He flipped through channels, mentally kicking himself for backing out of ever telling Dave about the pretty obvious issue of his inability to verbally communicate in any way, telling himself again and again not to worry about it, to let it happen, and to boohoo his way through the outcome when it happened instead of now, when the sun was throwing lines of light across the carpet and optimism was worming it's way into his imagination, just barely letting him understand the way Dave's body would fit against his throw pillows.

Before he left for the bus, he shoved a few scraps of paper and a pencil in his pockets, as a back up in case his phone run out of battery and he couldn't type to Dave and show him the screen. The bus driver let him on, and Karkat let out a breath he didn't know he'd been holding. 

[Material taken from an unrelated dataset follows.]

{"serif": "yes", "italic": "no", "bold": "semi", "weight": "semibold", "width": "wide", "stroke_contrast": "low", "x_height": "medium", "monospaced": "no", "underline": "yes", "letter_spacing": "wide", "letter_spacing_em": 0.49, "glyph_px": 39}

He was really going to see Dave Strider, his teenage heartthrob and highschool sweetheart, in a mass of excited people, and he was going to touch him on the arm with his hand. He smiled out the window. 

_____

Karkat recognised Dave easily when he saw him step off the escalator to the main floor of the airport, looking between the arms of two enthusastic parents who were waving signs, pulling his hands in and out of his pockets, wondering if he should have made a sign too. The other boy walked like he'd copied the steps from a rap music video, the shades were decidedly bigger on his face in person, and his hair was shockingly white, swept across porcelaine skin. He seemed almost delicate, not particularly tall or broad in the shoulders, with bony wrists and a large, previously broken nose. Karkat felt embrassed for his own mediocrity in comparison, pushing around the couple and shuffling towards Dave awkwardly. He should have combed his hair, holy shit how could he have forgotten.

Dave waved and greeted him with a typical "sup," his voice weirdly loud, and Karkat swallowed before throwing his arms around Dave's stupid shoulders, putting his head in the crook of his neck, on his toes and hugging him like he might never touch him again. 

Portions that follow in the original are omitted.